In any instance, gas-lift systems rely upon compressors located at the surface that inject gas down the well annulus. When gas-lift systems became popular in the first half of the 20th century, injection (or reinjection) was provided from large central compressor stations having multiple banks, or stages, of compressors. Individual compressors were typically only designed to perform one stage of compression, meaning a series of compressors (or banks of compressors) were used to perform sequential stages of compression until the desired injection pressure was reached. Often, lean-oil “gas plants” were associated with these compressor stations, which would strip the propane, butane, hexane, and other components knows as natural gas liquids (or “NGL's”) from the gas prior to reinjection.
Compressor technology has improved in the last 60 years, with the advent of higher horsepower engines and compressor frames having smaller footprints. The large central compressor facilities have been replaced by smaller distributed compressor stations, with individual compressors capable of performing all stages of compression (usually three stages). However, the gas plant technology has not migrated to the field level due to economies of scale and the significant investment required. Stated another way, local compressors do not have an associated separator for stripping out NGL's.
It is observed that operators will install and use the same compressor for both their well-site injection as used for post-production gas sales. Beneficially, gas-lift compression and gas sale compression normally have the same discharge pressure requirements, that is, (1,000 to 1,200 psig). Thus, the well site compressor is physically capable of performing either task. However, design components favorable to “gas sales” work against the successful operation of a “gas-lift” compressor, primarily due to the NGL components that have not been removed due to the lack of an on-site gas plant. When NGL components go through the compression cycle, they often condense in the gas coolers. This causes multiple operating problems for the compression process, and results in additional expense, additional downtime, and sometimes environmentally un-friendly practices.
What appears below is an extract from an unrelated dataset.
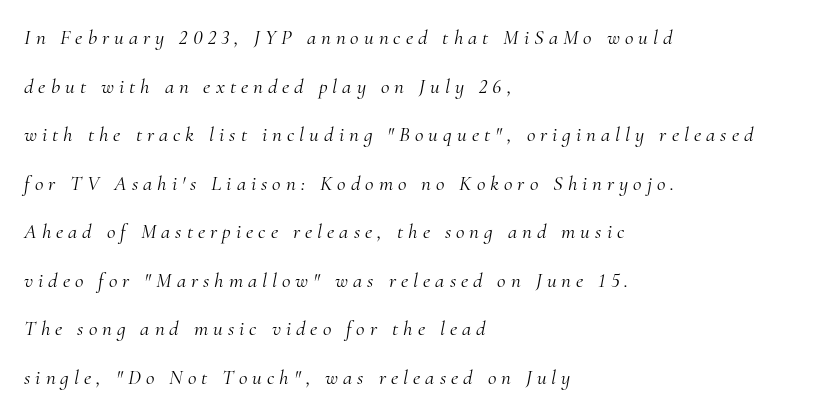
{"italic": "yes", "lean": "right", "slant_degrees": 10, "bold": "no", "underline": "no", "align": "left", "line_spacing": "loose", "line_spacing_ratio": 2.31, "letter_spacing": "wide", "letter_spacing_em": 0.24, "glyph_px": 21}
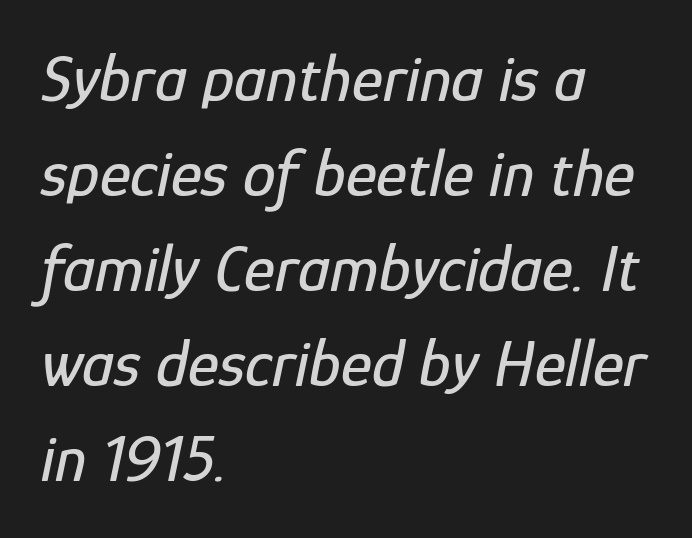
{"italic": "yes", "lean": "right", "slant_degrees": 12, "width": "condensed", "stroke_contrast": "low", "x_height": "medium", "monospaced": "no", "underline": "no", "align": "left", "line_spacing": "normal", "line_spacing_ratio": 1.44, "letter_spacing": "normal", "letter_spacing_em": 0.0, "glyph_px": 66}

FIG. 1 presents a phase diagram 100 showing pressure (in PSIA) of natural gas as a function of temperature (in ° F.). Specifically, the natural gas is predominantly methane, with diminishing concentrations of ethane, propane and hexane. Trace amounts of carbon dioxide, nitrogen and sulfuric components may also be present.
As can be seen, at the lowest temperatures the natural gas mixture will reside in a fully liquid phase 110. Note that these are low, sub-zero temperatures. As temperature increases, the mixture will enter a two-phase condition 120 comprised of liquids and gases. The higher the pressure, the more liquids will be present. Finally, as the temperature increases, the mixture will enter a fully vapor phase 130.
For gas compressors, proper control of gas temperatures at elevated levels means keeping pressures and temperatures in the vapor phase 130. This will prevent condensation of any hydrocarbons and the attendant operational problems.
Accordingly, a compression system and method are needed that allow for the real-time control of discharge temperatures from compressors using on-site heat exchangers. A need further exists for a multi-stage compressor system for wellbore gas injection wherein the temperature control points of first and/or second stage cooler discharges are automatically controlled in order to push heat produced by adiabatic compression to the third (or a final) stage. Preferably, discharge temperatures throughout the compression process are elevated to maintain gas in the vapor phase.